Linux Kernel: Linux 5.7, Linux Security and Intel Gen9 Graphics On Linux

  • AMD Sensor Fusion Hub Laptop Driver Unlikely To Land For Linux 5.7

    While we were hoping to see the AMD Sensor Fusion Hub driver introduced in Linux 5.7 for improving the AMD Ryzen Linux laptop experience, that now looks quite unlikely. This driver has been sought after by AMD Linux laptop customers since 2018 for supporting the accelerometer, gyroscopic sensors, and other functionality on modern AMD laptops, similar to the Intel Sensor Hub. Patches for the AMD Sensor Fusion Hub (AMD-SFH) driver for Linux were posted in January and underwent a few rounds of review.
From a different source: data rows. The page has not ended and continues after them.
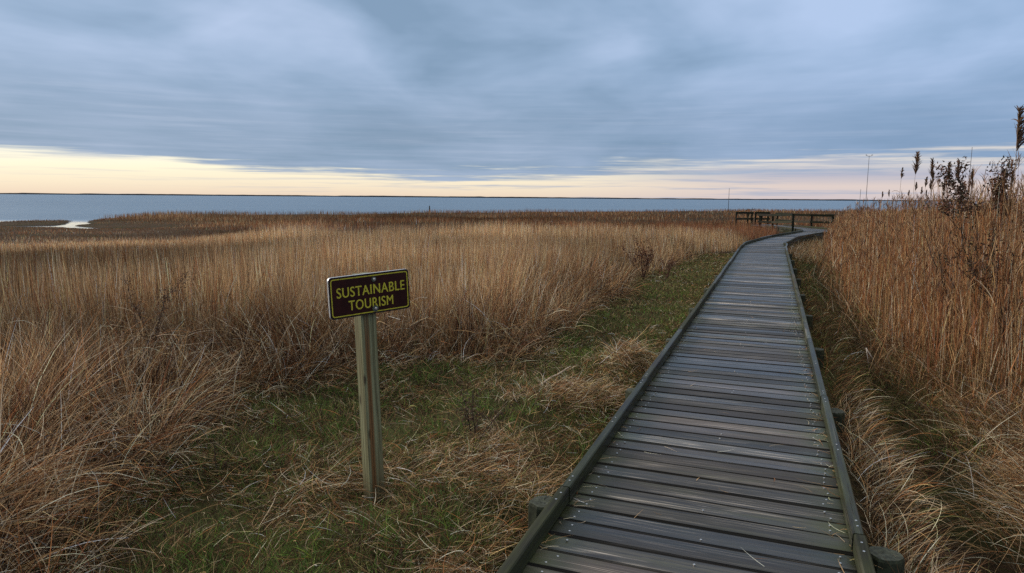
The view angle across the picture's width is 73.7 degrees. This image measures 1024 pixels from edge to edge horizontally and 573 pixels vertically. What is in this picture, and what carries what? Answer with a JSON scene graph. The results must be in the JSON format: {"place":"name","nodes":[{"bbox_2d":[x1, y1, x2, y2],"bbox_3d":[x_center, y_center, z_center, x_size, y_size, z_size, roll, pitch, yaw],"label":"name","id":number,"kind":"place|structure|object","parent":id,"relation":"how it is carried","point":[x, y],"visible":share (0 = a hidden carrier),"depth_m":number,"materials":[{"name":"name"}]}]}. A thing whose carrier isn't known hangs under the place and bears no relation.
{"place":"outdoors","nodes":[
{"label":"outdoors","id":0,"kind":"place"},
{"bbox_2d":[0,193,975,201],"bbox_3d":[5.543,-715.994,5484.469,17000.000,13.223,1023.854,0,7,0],"label":"shore","id":1,"kind":"structure","parent":0,"point":[444,196],"depth_m":5028.80,"materials":[{"name":"brown soil"}]},
{"bbox_2d":[0,194,1020,228],"bbox_3d":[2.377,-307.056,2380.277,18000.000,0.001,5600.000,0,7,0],"label":"water","id":2,"kind":"structure","parent":0,"point":[74,210],"depth_m":206.98,"materials":[{"name":"liquid"}]},
{"bbox_2d":[0,211,1023,572],"bbox_3d":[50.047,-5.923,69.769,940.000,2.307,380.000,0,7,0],"label":"ground","id":3,"kind":"structure","parent":0,"point":[142,227],"depth_m":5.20,"materials":[{"name":"green plant"}]},
{"bbox_2d":[120,267,196,377],"bbox_3d":[-3.484,0.400,6.745,0.677,1.177,0.429,0,7,0],"label":"dead weed","id":4,"kind":"object","parent":3,"relation":"on","point":[138,308],"visible":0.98,"depth_m":6.77,"materials":[{"name":"brown plant"}]},
{"bbox_2d":[197,408,253,475],"bbox_3d":[-1.915,1.033,4.598,0.383,0.518,0.163,-2,8,-18],"label":"dead weed","id":5,"kind":"object","parent":3,"relation":"on","point":[225,443],"visible":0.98,"depth_m":4.56,"materials":[{"name":"brown plant"}]},
{"bbox_2d":[327,269,409,508],"bbox_3d":[-0.846,0.872,4.187,0.517,1.939,0.134,-8,12,-37],"label":"trail sign","id":6,"kind":"object","parent":3,"relation":"on","point":[363,298],"visible":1,"depth_m":4.09,"materials":[{"name":"brown wood"}]},
{"bbox_2d":[0,208,886,572],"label":"marsh grass","id":7,"kind":"structure","parent":3,"relation":"on","point":[528,272],"depth_m":8.58,"materials":[{"name":"brown plant"}]},
{"bbox_2d":[451,381,511,445],"bbox_3d":[-0.226,0.964,5.058,0.507,0.508,0.301,-2,8,-17],"label":"dead weed","id":8,"kind":"object","parent":3,"relation":"on","point":[473,414],"visible":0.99,"depth_m":5.06,"materials":[{"name":"brown plant"}]},
{"bbox_2d":[533,366,570,389],"bbox_3d":[0.402,0.907,6.797,0.027,0.078,0.773,5,9,32],"label":"stick","id":9,"kind":"object","parent":3,"relation":"on","point":[555,375],"visible":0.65,"depth_m":6.83,"materials":[{"name":"beige wood"}]},
{"bbox_2d":[617,235,653,278],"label":"shrub","id":10,"kind":"object","parent":3,"relation":"on","point":[642,258],"visible":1,"depth_m":16.01,"materials":[{"name":"brown plant"}]},
{"bbox_2d":[657,255,675,278],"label":"shrub","id":11,"kind":"object","parent":3,"relation":"on","point":[668,264],"visible":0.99,"depth_m":16.36,"materials":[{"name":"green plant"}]},
{"bbox_2d":[496,224,904,572],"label":"boardwalk","id":12,"kind":"structure","parent":3,"relation":"on","point":[703,523],"depth_m":4.13,"materials":[{"name":"wood"}]},
{"bbox_2d":[529,276,853,572],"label":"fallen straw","id":13,"kind":"object","parent":12,"relation":"on","point":[727,492],"visible":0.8,"depth_m":3.80,"materials":[{"name":"beige plant"}]},
{"bbox_2d":[775,213,834,233],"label":"railing","id":14,"kind":"object","parent":12,"relation":"attached to","point":[820,215],"visible":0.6,"depth_m":40.15,"materials":[{"name":"brown wood"}]},
{"bbox_2d":[735,212,753,228],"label":"railing","id":15,"kind":"object","parent":3,"relation":"on","point":[747,218],"visible":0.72,"depth_m":45.51,"materials":[{"name":"brown wood"}]},
{"bbox_2d":[754,212,769,223],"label":"railing","id":16,"kind":"object","parent":3,"relation":"on","point":[767,218],"visible":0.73,"depth_m":45.82,"materials":[{"name":"brown wood"}]},
{"bbox_2d":[757,213,794,231],"bbox_3d":[14.893,-3.321,38.298,0.490,1.640,3.782,-1,7,-8],"label":"railing","id":17,"kind":"object","parent":3,"relation":"on","point":[773,221],"visible":0.76,"depth_m":38.36,"materials":[{"name":"brown wood"}]},
{"bbox_2d":[883,190,894,294],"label":"reed","id":18,"kind":"object","parent":3,"relation":"on","point":[887,226],"visible":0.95,"depth_m":12.92,"materials":[{"name":"brown plant"}]},
{"bbox_2d":[890,167,903,298],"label":"reed","id":19,"kind":"object","parent":3,"relation":"on","point":[902,174],"visible":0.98,"depth_m":11.41,"materials":[{"name":"brown plant"}]},
{"bbox_2d":[895,151,921,300],"bbox_3d":[5.764,-0.717,10.007,0.260,2.512,0.374,-3,8,-25],"label":"reed","id":20,"kind":"object","parent":3,"relation":"on","point":[917,159],"visible":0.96,"depth_m":9.86,"materials":[{"name":"brown plant"}]},
{"bbox_2d":[805,148,1023,467],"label":"reed bed","id":21,"kind":"object","parent":3,"relation":"on","point":[857,236],"visible":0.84,"depth_m":8.21,"materials":[{"name":"brown plant"}]},
{"bbox_2d":[916,177,927,270],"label":"reed","id":22,"kind":"object","parent":3,"relation":"on","point":[926,182],"visible":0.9,"depth_m":10.88,"materials":[{"name":"brown plant"}]},
{"bbox_2d":[921,171,934,289],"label":"reed","id":23,"kind":"object","parent":3,"relation":"on","point":[929,205],"visible":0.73,"depth_m":10.38,"materials":[{"name":"brown plant"}]},
{"bbox_2d":[922,179,934,304],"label":"reed","id":24,"kind":"object","parent":3,"relation":"on","point":[930,184],"visible":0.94,"depth_m":9.90,"materials":[{"name":"brown plant"}]},
{"bbox_2d":[925,157,938,291],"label":"reed","id":25,"kind":"object","parent":3,"relation":"on","point":[932,168],"visible":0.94,"depth_m":9.38,"materials":[{"name":"brown plant"}]},
{"bbox_2d":[923,161,951,326],"bbox_3d":[5.588,-0.488,9.082,0.330,2.328,0.102,6,9,36],"label":"reed","id":26,"kind":"object","parent":3,"relation":"on","point":[942,217],"visible":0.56,"depth_m":8.94,"materials":[{"name":"brown plant"}]},
{"bbox_2d":[936,180,957,316],"bbox_3d":[5.673,-0.373,9.005,0.114,2.076,0.574,-5,9,-37],"label":"reed","id":27,"kind":"object","parent":3,"relation":"on","point":[942,230],"visible":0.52,"depth_m":8.96,"materials":[{"name":"brown plant"}]},
{"bbox_2d":[949,158,963,329],"bbox_3d":[5.525,-0.466,8.674,0.127,2.297,0.211,-2,8,-16],"label":"reed","id":28,"kind":"object","parent":3,"relation":"on","point":[958,170],"visible":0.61,"depth_m":8.49,"materials":[{"name":"brown plant"}]},
{"bbox_2d":[905,155,1023,344],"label":"shrub","id":29,"kind":"object","parent":3,"relation":"on","point":[958,190],"visible":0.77,"depth_m":7.58,"materials":[{"name":"brown plant"}]},
{"bbox_2d":[962,169,973,313],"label":"reed","id":30,"kind":"object","parent":3,"relation":"on","point":[971,173],"visible":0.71,"depth_m":8.30,"materials":[{"name":"brown plant"}]},
{"bbox_2d":[934,217,1023,377],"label":"shrub","id":31,"kind":"object","parent":3,"relation":"on","point":[986,266],"visible":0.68,"depth_m":6.66,"materials":[{"name":"brown plant"}]},
{"bbox_2d":[993,169,1016,346],"bbox_3d":[5.504,-0.259,7.631,0.067,2.099,0.058,6,9,35],"label":"reed","id":32,"kind":"object","parent":3,"relation":"on","point":[1012,176],"visible":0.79,"depth_m":7.51,"materials":[{"name":"brown plant"}]},
{"bbox_2d":[992,104,1023,374],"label":"reed","id":33,"kind":"object","parent":3,"relation":"on","point":[1019,131],"visible":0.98,"depth_m":6.07,"materials":[{"name":"brown plant"}]},
{"bbox_2d":[0,0,1023,200],"label":"sky","id":34,"kind":"structure","parent":0,"point":[714,99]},
{"bbox_2d":[1,253,1023,572],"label":"green grass","id":35,"kind":"structure","parent":0,"point":[269,563],"depth_m":5.02,"materials":[{"name":"green plant"}]}
]}

  • Amazon Engineer's Patch For Flushing L1 Cache On Context Switching Revved

    Earlier this month there was the proposal by a Linux kernel engineer for Amazon to flush the L1 data cache on context switches as another safeguard against the ever increasing CPU vulnerabilities. The motivation for flushing the L1d cache on context switches is driven as a result of Intel's data sampling vulnerabilities and this safeguard would be an opt-in feature for those paranoid about system security. Flushing the L1 cache would ensure the data is not being snooped or leaked following a context switch but with all of the cache flushing could significantly hamper the system performance.

  • HDR Display Support Coming To Some Intel Gen9 Graphics On Linux

    For the very common Intel "Gen9" graphics found on pretty much all current pre-Icelake hardware that is available through retail channels, high dynamic range (HDR) display support could soon be enabled under Linux for a subset of devices.